Returns the cost (sum of squared residuals) between the first derivative of the interpolant and the function of the ode using samples at time points t.

Parameters

  • ode (DeterministicOde) – an ode object

  • fxApprox (list) – list of approximated values for the first derivative

  • xApprox (list) – list of approximated values for the states

  • t (array like) – time

  • theta (array list) – parameter value

  • vec (bool, optional) – if the matrix should be flattened to be a vector.

  • aggregate (bool/str, optional) – sum the vector/matrix. If this is equals to ‘int’ then the Simpsons rule is applied to the samples. Also changes the behaviour of vec, where True outputs a vector where the elements contain the values of the integrand on each of the dimensions of the ode. False returns the sum of this vector, a scalar.

Returns

r – the cost or the residuals if vec is True

Return type

array list

See also

residual_sample()

pygom.loss.geometric(obj, alpha=0.05, theta=None, method='jtj', geometry='o', full_output=False)[source]#

Finds the geometric confidence interval under profiling at the \(\alpha\) level the normal approximation

Parameters

  • obj (ode object) – an object initialized from BaseLoss

  • alpha (numeric) – confidence level, \(0 < \alpha < 1\)

  • theta (array like, optional) – the MLE parameters. When None given, it tries to estimate the optimal using methods provided by obj

  • method (string) – construction of the covariance matrix. jtj is the \(J^{\top}\) where \(J\) is the Jacobian of the ode. ‘hessian’ is the hessian of the ode while ‘fisher’ is the fisher information found by \(cov(\nabla_{\theta}\mathcal{L})\).

  • geometry (string) – the two types of geometry defined in [Moolgavkar1987]. c geometry uses the covariance at the maximum likelihood estimate \(\hat{\theta}\), while the ‘o’ geometry is the covariance defined at point \(\theta\).

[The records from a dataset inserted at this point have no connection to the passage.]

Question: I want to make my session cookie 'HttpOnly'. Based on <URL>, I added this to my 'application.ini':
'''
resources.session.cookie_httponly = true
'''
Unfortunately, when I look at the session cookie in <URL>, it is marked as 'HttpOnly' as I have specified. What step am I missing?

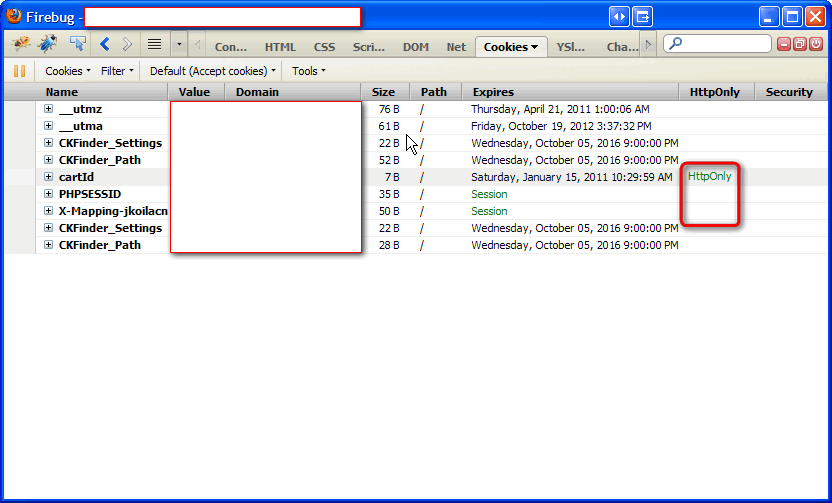
Answer: Try at bootstrap to do 'Zend_Session::setOptions(array('cookie_httponly' => true));' ( somewhere before the session is first initialized ) tough it should work with the app.ini file too .
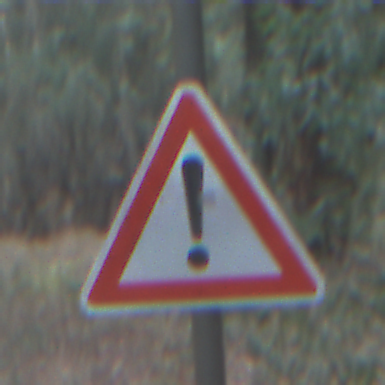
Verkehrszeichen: Gefahrenstelle
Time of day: SunriseSunset
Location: Outdoor (Nature)
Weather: NotSpecified
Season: Autumn
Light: Natural
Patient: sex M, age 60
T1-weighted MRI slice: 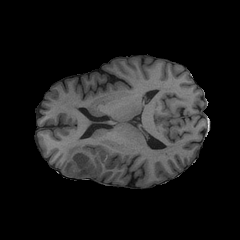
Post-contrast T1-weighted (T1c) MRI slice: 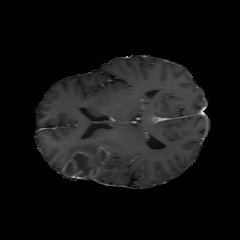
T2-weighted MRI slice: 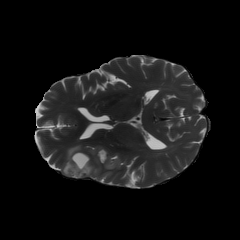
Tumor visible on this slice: yes
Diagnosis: Glioblastoma, IDH-wildtype
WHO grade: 4
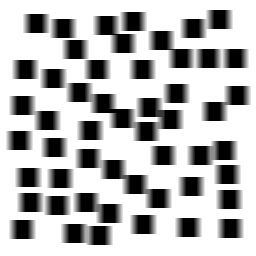
Squares: 52
Triangles: 0
Stars: 0
Total shapes: 52
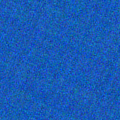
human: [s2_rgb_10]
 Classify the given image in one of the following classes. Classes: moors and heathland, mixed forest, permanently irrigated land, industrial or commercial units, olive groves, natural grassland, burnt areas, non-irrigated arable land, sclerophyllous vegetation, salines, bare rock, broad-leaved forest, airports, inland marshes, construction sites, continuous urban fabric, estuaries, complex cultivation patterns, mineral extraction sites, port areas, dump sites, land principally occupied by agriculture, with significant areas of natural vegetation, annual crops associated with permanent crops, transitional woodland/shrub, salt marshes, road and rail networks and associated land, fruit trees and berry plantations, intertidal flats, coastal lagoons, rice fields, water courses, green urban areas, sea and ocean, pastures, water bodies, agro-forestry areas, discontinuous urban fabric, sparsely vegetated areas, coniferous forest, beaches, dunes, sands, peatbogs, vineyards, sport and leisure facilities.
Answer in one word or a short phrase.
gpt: sea and ocean
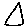
Label: triangle
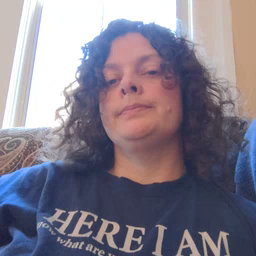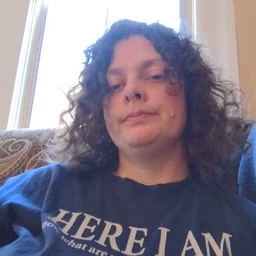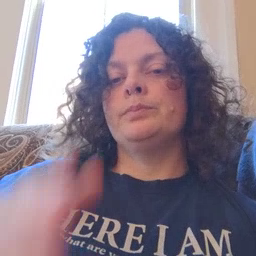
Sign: person
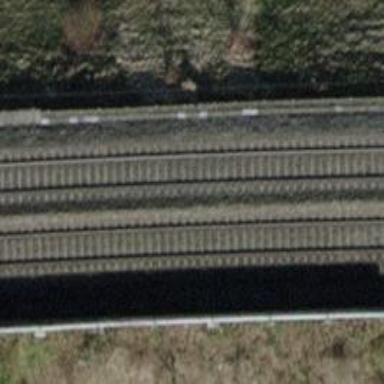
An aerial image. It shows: Single railway track with electrified contact line.

  • full_output (bool, optional) – If True then both the l_path and u_path will be outputted, else only the point estimates of l and u

Returns

  • l (array like) – lower confidence interval

  • u (array like) – upper confidence interval

  • l_path (list) – path from \(\hat{\theta}\) to the lower \(1 - \alpha/2\) point for all parameters

  • u_path (list) – same as l_path but for the upper confidence interval

pygom.loss.get_init(y, t, ode, theta=None, full_output=False)[source]#

Get an initial guess of theta given the observations y and the corresponding time points t.

Parameters

  • y (:array like) – observed values

  • t (array like) – time

  • ode (DeterministicOde) – an ode object

  • theta (array like) – parameter value

  • full_output (bool, optional) – True if the optimization result should be returned. Defaults to False.

Returns

theta – a guess of the parameters

Return type

array like

pygom.loss.grad_sample(ode, fxApprox, xApprox, t, theta, vec=False, output_residual=False)[source]#

Returns the gradient of the objective value using the state values of the interpolant given samples at time points t. Note that the parameters taken here is chosen to be same as cost_sample() for convenience.

Parameters

  • ode (DeterministicOde) – an ode object

  • fxApprox (list) – list of approximated values for the first derivative

  • xApprox (list) – list of approximated values for the states

  • t (array like) – time

  • theta (array list) – parameter value

  • vec (bool, optional) – if the matrix should be flattened to be a vector

  • output_residual (bool, optional) – if True, then the residuals will be returned as an additional argument

Returns

g – gradient of the objective function

Return type

numpy.ndarray

See also

jac_sample()

pygom.loss.interpolate(solution, t, s=0)[source]#

Interpolate the solution of the ode given the time points and a suitable smoothing vector using univariate spline

Parameters

  • solution (numpy.ndarray) – f(t) of the ode with the rows correspond to time

  • t (array like) – time

  • s (smoothing scalar, optional) – greater or equal to zero

Returns

splineList – of scipy.interpolate.UnivariateSpline

Return type

list

pygom.loss.jac_sample(ode, fxApprox, xApprox, t, theta, vec=True)[source]#

Returns the Jacobian of the objective value using the state values of the interpolant given samples at time points t. Note that the parameters taken here is chosen to be same as cost_sample() for convenience.

Parameters

  • ode (DeterministicOde) – an ode object

  • fxApprox (list) – list of approximated values for the first derivative

  • xApprox (list) – list of approximated values for the states

  • t (array like) – time

  • theta (array list) – parameter value

  • vec (bool, optional) – if the matrix should be flattened to be a vector

Returns

r – the residuals

Return type

array list

See also

cost_sample()

pygom.loss.leastsq(func, x0, args=(), Dfun=None, full_output=False, col_deriv=False, ftol=1.49012e-08, xtol=1.49012e-08, gtol=0.0, maxfev=0, epsfcn=None, factor=100, diag=None)[source]#

Minimize the sum of squares of a set of equations.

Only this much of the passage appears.